Posted by sweety <sw...@yahoo.com>.
It is working now,i just restarted computer.
But i dont still get the reason for the error.
Thank you though,for your efforts.



--
View this message in context: http://lucene.472066.n3.nabble.com/indexing-docx-using-solrj-tp4107737p4107755.html
Sent from the Solr - User mailing list archive at Nabble.com.

Re: indexing .docx using solrj

Posted by Ahmet Arslan <io...@yahoo.com>.
It looks like class path jars are mixed. Make clean fresh installation from scratch is recommended. 



On Saturday, December 21, 2013 11:52 PM, sweety <sw...@yahoo.com> wrote:
yes,i copied all jars from contrib/extraction to solr/lib.
It is not getting the poi jar now, as mentioned in above post of mine, new
error it shows now.



--
View this message in context: http://lucene.472066.n3.nabble.com/indexing-docx-using-solrj-tp4107737p4107758.html

Sent from the Solr - User mailing list archive at Nabble.com.


Re: indexing .docx using solrj

Posted by sweety <sw...@yahoo.com>.
yes,i copied all jars from contrib/extraction to solr/lib.
It is not getting the poi jar now, as mentioned in above post of mine, new
error it shows now.



--
View this message in context: http://lucene.472066.n3.nabble.com/indexing-docx-using-solrj-tp4107737p4107758.html
Sent from the Solr - User mailing list archive at Nabble.com.

Re: indexing .docx using solrj

Posted by Ahmet Arslan <io...@yahoo.com>.
Hi,

Did you add jar files under contrib/extraction/lib too?

Since you are already using solrJ consider using http://searchhub.org/2012/02/14/indexing-with-solrj/




On Saturday, December 21, 2013 11:29 PM, sweety <sw...@yahoo.com> wrote:
solr: 4.2
tomcat: 7.0
jdk1.7.0.45

i have created solr home in c:\solr as in java options: 
-Dsolr.solr.home=C:\solr

c:solr/lib contains:

tika jars, actually i pasted all the jars from the solr 4.2 dist,contrib
folders in c:solr/lib

tomcat/lib contains:
all the jars when installed.




--
View this message in context: http://lucene.472066.n3.nabble.com/indexing-docx-using-solrj-tp4107737p4107752.html

Sent from the Solr - User mailing list archive at Nabble.com.

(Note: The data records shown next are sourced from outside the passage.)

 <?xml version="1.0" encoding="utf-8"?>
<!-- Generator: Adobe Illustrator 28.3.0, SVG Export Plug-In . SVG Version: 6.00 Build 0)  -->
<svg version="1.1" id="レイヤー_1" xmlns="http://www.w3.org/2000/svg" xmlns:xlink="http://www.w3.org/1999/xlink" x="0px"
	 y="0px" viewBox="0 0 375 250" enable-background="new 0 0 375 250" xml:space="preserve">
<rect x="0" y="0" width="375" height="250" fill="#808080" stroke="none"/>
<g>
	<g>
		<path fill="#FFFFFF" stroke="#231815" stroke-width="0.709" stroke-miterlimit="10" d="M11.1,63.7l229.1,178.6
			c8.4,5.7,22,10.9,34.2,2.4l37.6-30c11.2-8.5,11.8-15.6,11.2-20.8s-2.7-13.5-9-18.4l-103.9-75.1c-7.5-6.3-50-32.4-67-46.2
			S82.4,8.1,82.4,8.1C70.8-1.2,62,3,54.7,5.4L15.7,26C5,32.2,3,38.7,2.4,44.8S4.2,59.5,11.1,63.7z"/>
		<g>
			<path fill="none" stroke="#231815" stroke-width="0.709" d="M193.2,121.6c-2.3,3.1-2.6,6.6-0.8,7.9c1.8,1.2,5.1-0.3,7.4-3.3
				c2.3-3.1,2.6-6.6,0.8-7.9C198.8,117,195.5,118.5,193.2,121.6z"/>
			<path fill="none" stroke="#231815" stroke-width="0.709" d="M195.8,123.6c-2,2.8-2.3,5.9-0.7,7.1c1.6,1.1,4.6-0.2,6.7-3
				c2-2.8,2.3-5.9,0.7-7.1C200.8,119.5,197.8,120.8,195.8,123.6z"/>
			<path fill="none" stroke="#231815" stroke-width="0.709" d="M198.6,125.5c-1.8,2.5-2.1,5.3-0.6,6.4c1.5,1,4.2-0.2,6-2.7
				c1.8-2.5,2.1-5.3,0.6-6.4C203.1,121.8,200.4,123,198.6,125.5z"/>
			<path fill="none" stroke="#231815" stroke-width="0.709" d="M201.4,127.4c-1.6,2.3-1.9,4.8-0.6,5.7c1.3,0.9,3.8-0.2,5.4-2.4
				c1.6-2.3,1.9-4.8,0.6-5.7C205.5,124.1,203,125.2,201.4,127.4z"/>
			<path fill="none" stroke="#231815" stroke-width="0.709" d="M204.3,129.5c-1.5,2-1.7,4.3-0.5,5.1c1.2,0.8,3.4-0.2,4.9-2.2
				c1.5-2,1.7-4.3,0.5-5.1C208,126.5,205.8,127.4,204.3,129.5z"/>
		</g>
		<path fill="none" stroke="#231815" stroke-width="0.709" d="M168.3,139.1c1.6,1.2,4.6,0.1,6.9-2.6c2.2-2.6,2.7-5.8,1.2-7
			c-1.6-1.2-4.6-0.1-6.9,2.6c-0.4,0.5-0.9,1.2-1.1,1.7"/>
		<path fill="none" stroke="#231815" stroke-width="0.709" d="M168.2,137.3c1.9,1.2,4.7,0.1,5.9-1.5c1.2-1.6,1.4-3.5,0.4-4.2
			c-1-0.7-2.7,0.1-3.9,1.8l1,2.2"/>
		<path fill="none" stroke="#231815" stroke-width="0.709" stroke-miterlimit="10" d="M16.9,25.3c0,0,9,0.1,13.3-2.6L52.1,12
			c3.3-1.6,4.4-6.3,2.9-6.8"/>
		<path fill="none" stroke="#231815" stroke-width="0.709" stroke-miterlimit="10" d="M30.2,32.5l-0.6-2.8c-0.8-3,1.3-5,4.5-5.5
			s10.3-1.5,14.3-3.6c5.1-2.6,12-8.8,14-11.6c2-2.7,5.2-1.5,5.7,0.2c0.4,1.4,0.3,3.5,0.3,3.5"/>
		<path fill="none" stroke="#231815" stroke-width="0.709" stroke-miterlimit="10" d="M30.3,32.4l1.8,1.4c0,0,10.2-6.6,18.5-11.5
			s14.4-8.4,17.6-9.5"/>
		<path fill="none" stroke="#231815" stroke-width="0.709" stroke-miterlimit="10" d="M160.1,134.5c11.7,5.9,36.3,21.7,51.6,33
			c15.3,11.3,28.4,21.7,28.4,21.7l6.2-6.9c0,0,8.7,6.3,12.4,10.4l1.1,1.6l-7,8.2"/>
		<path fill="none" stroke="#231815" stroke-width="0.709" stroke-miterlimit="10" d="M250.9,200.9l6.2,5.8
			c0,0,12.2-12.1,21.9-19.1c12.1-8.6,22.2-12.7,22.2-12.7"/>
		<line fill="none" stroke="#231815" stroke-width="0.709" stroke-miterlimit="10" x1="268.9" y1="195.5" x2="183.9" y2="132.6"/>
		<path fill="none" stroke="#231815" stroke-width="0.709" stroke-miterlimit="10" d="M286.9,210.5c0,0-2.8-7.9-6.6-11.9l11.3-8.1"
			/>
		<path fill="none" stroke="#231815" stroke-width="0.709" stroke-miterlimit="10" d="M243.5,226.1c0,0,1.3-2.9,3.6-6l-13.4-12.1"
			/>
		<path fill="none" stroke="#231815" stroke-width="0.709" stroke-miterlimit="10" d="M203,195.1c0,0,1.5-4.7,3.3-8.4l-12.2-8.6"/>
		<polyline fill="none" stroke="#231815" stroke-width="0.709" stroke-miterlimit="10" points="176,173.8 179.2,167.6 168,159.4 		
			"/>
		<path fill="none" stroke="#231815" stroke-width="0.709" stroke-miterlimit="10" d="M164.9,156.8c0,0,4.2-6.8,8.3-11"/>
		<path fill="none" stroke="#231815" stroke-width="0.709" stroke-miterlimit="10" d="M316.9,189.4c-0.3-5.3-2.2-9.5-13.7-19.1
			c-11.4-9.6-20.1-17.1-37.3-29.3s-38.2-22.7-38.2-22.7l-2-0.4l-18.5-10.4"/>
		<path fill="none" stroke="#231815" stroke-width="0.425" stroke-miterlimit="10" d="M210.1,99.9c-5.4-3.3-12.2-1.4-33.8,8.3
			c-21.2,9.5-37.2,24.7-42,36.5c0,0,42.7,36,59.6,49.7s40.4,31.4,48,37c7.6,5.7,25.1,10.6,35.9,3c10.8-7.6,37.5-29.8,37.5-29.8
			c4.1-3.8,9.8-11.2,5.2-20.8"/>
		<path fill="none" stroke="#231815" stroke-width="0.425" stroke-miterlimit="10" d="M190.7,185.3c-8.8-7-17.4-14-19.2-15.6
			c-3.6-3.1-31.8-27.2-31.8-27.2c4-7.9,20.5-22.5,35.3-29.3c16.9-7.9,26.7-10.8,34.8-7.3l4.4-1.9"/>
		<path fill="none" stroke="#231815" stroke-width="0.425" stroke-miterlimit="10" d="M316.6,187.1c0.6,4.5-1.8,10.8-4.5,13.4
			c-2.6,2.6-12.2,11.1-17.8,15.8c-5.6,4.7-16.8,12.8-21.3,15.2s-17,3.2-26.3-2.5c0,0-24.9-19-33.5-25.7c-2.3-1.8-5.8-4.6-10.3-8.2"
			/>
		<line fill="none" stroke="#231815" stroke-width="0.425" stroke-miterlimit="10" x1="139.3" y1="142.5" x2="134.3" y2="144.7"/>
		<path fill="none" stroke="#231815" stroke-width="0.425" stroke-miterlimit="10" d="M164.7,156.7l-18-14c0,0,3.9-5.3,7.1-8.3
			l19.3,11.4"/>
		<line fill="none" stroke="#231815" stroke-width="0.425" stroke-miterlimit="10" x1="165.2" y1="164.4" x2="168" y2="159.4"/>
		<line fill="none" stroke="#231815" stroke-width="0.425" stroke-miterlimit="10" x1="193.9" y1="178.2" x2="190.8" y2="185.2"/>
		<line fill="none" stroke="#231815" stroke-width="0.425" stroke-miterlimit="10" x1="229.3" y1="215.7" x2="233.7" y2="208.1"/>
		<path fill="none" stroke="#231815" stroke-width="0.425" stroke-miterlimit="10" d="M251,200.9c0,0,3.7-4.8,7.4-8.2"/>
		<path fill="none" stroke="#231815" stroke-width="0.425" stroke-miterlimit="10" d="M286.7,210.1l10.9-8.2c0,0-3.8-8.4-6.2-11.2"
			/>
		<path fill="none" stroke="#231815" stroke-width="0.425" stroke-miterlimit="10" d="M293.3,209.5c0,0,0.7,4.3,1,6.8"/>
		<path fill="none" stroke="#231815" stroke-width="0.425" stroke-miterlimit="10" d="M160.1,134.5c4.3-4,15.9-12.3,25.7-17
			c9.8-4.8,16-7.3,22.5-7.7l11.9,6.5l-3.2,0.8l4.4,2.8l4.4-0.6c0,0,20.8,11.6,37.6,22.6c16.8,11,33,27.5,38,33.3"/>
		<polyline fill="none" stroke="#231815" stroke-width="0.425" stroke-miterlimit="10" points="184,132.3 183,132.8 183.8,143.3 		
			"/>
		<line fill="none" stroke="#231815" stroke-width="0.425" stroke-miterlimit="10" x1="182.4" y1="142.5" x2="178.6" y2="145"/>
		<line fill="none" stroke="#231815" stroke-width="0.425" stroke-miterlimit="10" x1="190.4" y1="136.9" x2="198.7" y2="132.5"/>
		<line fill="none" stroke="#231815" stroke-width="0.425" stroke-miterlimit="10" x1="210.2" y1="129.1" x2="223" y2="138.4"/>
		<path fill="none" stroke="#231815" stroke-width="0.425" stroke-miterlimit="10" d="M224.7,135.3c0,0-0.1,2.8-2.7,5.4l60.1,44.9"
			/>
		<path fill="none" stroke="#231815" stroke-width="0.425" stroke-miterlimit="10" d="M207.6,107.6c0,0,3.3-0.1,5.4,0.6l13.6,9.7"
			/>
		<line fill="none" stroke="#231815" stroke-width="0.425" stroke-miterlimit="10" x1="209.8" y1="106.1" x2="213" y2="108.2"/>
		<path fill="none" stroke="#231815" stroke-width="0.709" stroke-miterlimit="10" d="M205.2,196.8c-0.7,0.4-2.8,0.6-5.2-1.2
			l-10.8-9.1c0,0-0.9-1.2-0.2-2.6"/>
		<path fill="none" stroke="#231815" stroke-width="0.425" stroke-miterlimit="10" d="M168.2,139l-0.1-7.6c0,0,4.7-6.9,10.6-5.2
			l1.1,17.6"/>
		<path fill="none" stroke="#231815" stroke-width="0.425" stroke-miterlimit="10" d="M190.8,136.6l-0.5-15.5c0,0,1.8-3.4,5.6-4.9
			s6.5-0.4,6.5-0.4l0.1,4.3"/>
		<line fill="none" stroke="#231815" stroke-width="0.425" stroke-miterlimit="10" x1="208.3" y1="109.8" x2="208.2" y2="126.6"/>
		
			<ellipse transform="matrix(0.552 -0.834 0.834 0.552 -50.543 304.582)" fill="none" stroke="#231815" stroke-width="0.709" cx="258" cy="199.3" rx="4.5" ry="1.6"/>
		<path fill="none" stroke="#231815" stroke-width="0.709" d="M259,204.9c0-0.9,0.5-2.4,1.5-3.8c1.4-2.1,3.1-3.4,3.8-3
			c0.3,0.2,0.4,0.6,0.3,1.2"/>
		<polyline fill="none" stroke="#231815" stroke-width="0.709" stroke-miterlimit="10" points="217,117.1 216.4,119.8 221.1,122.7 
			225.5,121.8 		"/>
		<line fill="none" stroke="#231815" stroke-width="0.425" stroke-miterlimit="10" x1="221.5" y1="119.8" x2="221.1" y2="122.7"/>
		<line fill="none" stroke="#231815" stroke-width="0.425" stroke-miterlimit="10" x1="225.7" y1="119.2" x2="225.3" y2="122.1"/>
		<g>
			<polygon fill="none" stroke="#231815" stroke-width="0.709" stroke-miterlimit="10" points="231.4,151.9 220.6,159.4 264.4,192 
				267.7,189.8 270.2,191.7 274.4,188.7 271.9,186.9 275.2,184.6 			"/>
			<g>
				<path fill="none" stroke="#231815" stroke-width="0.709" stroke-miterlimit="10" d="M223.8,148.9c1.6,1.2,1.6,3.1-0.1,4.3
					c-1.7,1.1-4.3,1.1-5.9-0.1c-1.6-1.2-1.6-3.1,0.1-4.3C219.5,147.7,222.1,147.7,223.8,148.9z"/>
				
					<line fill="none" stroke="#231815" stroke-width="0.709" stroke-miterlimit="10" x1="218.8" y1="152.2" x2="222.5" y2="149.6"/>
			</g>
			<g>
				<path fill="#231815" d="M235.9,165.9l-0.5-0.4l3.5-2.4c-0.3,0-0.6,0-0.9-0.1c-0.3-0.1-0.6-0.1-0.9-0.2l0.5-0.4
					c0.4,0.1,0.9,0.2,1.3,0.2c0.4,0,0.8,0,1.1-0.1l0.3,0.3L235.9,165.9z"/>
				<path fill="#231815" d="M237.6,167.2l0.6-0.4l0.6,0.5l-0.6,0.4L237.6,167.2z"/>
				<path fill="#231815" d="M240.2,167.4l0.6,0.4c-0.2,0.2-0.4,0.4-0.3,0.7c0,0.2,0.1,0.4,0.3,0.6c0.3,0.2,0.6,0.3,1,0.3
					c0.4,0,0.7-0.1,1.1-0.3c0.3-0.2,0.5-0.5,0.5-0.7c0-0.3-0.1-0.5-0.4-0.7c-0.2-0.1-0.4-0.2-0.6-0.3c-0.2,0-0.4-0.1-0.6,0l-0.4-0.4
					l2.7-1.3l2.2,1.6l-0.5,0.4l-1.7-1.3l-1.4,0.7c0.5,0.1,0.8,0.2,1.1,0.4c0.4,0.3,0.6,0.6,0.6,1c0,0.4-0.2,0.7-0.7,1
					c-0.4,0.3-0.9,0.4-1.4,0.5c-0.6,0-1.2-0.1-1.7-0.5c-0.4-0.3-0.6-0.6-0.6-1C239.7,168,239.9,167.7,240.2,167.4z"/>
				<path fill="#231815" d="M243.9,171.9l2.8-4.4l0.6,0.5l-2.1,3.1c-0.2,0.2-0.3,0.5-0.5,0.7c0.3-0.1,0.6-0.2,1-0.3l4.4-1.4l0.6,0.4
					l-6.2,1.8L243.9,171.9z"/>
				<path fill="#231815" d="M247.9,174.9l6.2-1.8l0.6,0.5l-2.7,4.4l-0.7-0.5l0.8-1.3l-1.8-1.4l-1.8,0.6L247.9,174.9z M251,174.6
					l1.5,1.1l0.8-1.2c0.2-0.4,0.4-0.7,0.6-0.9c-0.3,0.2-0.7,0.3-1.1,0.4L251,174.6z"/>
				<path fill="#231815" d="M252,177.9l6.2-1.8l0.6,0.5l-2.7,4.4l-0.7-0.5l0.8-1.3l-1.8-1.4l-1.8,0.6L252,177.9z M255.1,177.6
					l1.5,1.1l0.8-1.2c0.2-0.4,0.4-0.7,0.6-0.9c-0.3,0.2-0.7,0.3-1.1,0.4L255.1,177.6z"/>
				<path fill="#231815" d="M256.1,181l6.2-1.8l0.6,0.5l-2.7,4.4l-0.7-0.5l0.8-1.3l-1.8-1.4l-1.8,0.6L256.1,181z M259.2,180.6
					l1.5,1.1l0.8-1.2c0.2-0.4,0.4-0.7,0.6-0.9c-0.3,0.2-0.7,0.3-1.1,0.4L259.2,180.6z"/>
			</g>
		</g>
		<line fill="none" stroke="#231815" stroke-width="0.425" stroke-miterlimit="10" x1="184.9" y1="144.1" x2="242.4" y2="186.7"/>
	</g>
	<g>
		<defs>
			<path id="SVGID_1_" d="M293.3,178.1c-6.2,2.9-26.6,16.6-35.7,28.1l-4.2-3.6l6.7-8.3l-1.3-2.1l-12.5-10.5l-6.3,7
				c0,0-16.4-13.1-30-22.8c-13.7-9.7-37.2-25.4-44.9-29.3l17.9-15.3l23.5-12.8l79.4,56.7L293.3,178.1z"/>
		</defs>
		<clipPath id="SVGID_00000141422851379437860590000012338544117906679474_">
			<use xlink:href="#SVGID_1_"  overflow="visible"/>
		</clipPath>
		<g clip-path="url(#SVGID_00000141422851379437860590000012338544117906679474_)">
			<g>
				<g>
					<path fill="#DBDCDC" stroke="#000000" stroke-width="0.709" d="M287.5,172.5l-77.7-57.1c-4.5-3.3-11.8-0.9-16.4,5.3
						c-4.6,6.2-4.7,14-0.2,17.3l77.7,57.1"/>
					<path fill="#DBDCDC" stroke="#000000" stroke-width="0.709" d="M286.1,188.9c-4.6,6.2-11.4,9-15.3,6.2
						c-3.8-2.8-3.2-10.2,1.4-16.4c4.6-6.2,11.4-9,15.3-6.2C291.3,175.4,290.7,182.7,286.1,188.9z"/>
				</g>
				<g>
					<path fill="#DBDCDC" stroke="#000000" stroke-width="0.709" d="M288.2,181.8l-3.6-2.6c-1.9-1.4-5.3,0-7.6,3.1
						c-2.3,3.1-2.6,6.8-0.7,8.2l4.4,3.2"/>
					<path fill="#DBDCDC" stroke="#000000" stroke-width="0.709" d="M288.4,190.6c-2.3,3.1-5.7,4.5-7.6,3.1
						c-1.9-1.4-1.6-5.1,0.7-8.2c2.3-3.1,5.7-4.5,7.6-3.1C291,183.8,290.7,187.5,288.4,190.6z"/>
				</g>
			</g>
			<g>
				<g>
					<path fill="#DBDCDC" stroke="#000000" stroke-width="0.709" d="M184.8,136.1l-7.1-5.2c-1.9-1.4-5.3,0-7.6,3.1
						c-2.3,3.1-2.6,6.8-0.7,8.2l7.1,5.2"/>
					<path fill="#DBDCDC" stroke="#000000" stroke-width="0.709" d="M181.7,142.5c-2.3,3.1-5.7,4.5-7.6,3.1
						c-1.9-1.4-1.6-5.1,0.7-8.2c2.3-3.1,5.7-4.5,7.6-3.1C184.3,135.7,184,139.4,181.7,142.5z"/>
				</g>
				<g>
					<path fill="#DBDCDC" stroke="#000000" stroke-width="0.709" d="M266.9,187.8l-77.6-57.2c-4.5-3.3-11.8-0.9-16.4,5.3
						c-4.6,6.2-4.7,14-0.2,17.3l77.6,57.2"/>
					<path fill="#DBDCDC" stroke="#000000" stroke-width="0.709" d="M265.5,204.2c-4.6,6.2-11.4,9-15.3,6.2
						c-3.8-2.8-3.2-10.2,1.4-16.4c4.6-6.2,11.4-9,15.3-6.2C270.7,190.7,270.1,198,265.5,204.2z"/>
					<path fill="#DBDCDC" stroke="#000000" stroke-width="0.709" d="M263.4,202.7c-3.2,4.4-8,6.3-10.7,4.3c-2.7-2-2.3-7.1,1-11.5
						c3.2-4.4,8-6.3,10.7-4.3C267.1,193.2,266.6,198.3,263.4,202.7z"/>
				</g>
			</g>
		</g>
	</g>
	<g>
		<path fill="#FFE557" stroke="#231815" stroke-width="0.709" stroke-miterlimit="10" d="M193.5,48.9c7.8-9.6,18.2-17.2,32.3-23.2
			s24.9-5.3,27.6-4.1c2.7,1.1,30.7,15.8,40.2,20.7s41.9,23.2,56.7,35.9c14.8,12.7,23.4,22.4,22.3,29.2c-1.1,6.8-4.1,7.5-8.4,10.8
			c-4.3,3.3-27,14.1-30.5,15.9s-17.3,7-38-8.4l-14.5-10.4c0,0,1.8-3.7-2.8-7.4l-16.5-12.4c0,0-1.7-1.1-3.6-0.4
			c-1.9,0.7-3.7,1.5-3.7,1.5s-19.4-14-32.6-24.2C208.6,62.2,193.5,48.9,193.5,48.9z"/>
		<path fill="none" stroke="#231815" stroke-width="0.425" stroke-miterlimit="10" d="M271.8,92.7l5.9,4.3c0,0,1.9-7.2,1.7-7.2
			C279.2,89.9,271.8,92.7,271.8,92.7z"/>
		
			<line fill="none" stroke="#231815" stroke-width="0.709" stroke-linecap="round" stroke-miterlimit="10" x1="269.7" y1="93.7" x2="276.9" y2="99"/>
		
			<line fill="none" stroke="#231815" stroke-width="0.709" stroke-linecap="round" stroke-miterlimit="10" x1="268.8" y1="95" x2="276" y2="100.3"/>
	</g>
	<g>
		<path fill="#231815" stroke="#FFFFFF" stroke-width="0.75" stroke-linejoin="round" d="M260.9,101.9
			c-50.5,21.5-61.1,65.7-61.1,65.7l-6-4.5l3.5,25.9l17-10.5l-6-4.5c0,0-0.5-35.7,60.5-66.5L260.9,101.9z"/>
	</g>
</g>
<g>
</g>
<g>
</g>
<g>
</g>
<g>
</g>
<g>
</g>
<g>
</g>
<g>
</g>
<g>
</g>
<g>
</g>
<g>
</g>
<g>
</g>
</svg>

Re: indexing .docx using solrj

Posted by sweety <sw...@yahoo.com>.
solr: 4.2
tomcat: 7.0
jdk1.7.0.45

i have created solr home in c:\solr as in java options: 
-Dsolr.solr.home=C:\solr

c:solr/lib contains:

tika jars, actually i pasted all the jars from the solr 4.2 dist,contrib
folders in c:solr/lib

tomcat/lib contains:
all the jars when installed.




--
View this message in context: http://lucene.472066.n3.nabble.com/indexing-docx-using-solrj-tp4107737p4107752.html
Sent from the Solr - User mailing list archive at Nabble.com.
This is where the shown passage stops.